Nonna looked over at Cat, who was now leaning down to listen to Gianna chatter, and his heart turned over in his chest.

“I forgot that sometimes change does not improve things,” she said quietly.

He could tell her they weren’t serious. He could tell her Cat would never leave Silver Spring, and he could not leave New York. He could tell her she was a witch, far worse than a wolfless shifter, and they weren’t compatible at all, but he could not make his mouth say the words.

Suddenly, Gianna popped up with a squeal and headed straight toward them.

“What is it?” he asked as all the wolves in the room went on red alert.

“She’s never hadCacciatore!” Gianna said on the way past him to the kitchen, Cat trailing behind.

“What?” he asked, totally thrown, but then his wolf pushed after his niece, and he realized it didn’t matter what she was saying; it was a way out of this conversation.

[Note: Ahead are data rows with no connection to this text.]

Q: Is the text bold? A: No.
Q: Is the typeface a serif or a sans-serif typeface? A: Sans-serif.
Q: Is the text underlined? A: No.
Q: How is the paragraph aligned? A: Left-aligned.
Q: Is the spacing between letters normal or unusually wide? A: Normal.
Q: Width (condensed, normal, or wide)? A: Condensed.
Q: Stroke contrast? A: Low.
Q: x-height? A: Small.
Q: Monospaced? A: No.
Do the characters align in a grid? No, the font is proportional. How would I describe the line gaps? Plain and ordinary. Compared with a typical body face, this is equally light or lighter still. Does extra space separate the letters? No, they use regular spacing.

“It has tomatoes and peppers and chicken and onions…” Gianna said as she led the way into the industrial kitchen.

Cat stopped short, and reality crashed in.

“I’m a vegetarian,” she said softly, but this was a house full of shifters.

Everyone stopped.

Gianna pivoted. “How are you still alive?”

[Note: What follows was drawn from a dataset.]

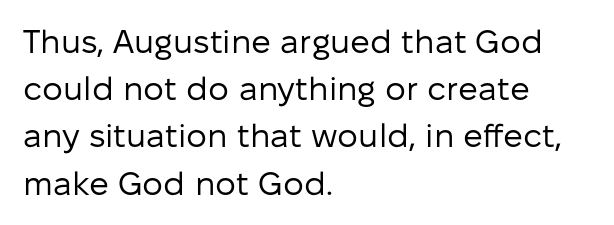
{"serif": "no", "italic": "no", "bold": "no", "weight": "regular", "width": "normal", "stroke_contrast": "low", "x_height": "medium", "monospaced": "no", "underline": "no", "align": "left", "line_spacing": "normal", "line_spacing_ratio": 1.43, "letter_spacing": "normal", "letter_spacing_em": 0.0, "glyph_px": 33}
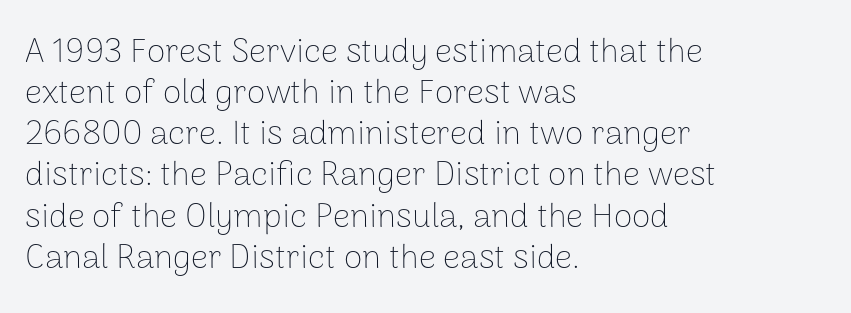
The image shows 34 px thin sans-serif type, upright; set left-aligned, line spacing 1.21x, normal letter spacing, not underlined; low stroke contrast and a medium x-height.

“You know vegetarians at school!” Mateo said, appalled by her manners.

“Yeah, but they’re not…” she frowned.

“No wonder she never got a wolf,” someone muttered from the back of the crowd. Mateo’s eyes jerked toward his wolves, but Cat would not have heard him.

“There’s no dish without meat?” Cat asked brightly.

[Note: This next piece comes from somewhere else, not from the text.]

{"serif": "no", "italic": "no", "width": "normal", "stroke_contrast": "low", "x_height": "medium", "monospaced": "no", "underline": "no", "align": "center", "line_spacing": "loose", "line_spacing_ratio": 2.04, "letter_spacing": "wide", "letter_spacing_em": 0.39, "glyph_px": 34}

Gianna shook her head, and Nonna snorted.

“In all of Italy?” Cat coaxed.

He wanted her. That had been true from the first moment he smelled her. It was more true once he had gotten her into bed, but a part of his brain had always skipped when he contemplated reality. What would his pack think? How would his work suffer? How could she fit in his world with her crystals and cross-country skis?

Watching Cat coax Gianna and his great aunt into the kitchen to dig up a dish she could eat, he realized he didn’t just want her in his bed. He wanted her to be holding their children. The vision was so intense, he wondered if this was what her real visions were like. He could feel the weight of a child in his arms.

That had been the real problem in New York. He met every female shifter there was to meet, and could have his pick of them, frankly. He was not a man that most women refused. All of them would fit seamlessly into his pack, his business, and his life. They knew how the game was played, and they ate their Chicken Cacciatore whether they liked it or not. His wolf, and frankly, he, did not want any of them. He didn’t want someone who could fit seamlessly into that life.

Gianna dragged Cat out of the kitchen holding a plate full of pastries and a smile. He couldn’t help smiling, too. It was the dinner he would have chosen at seven years old, too.

A traitorous voice in his head insisted that she represented something different more than something good, and keeping them for novelty was a shitty thing to do to a person, too.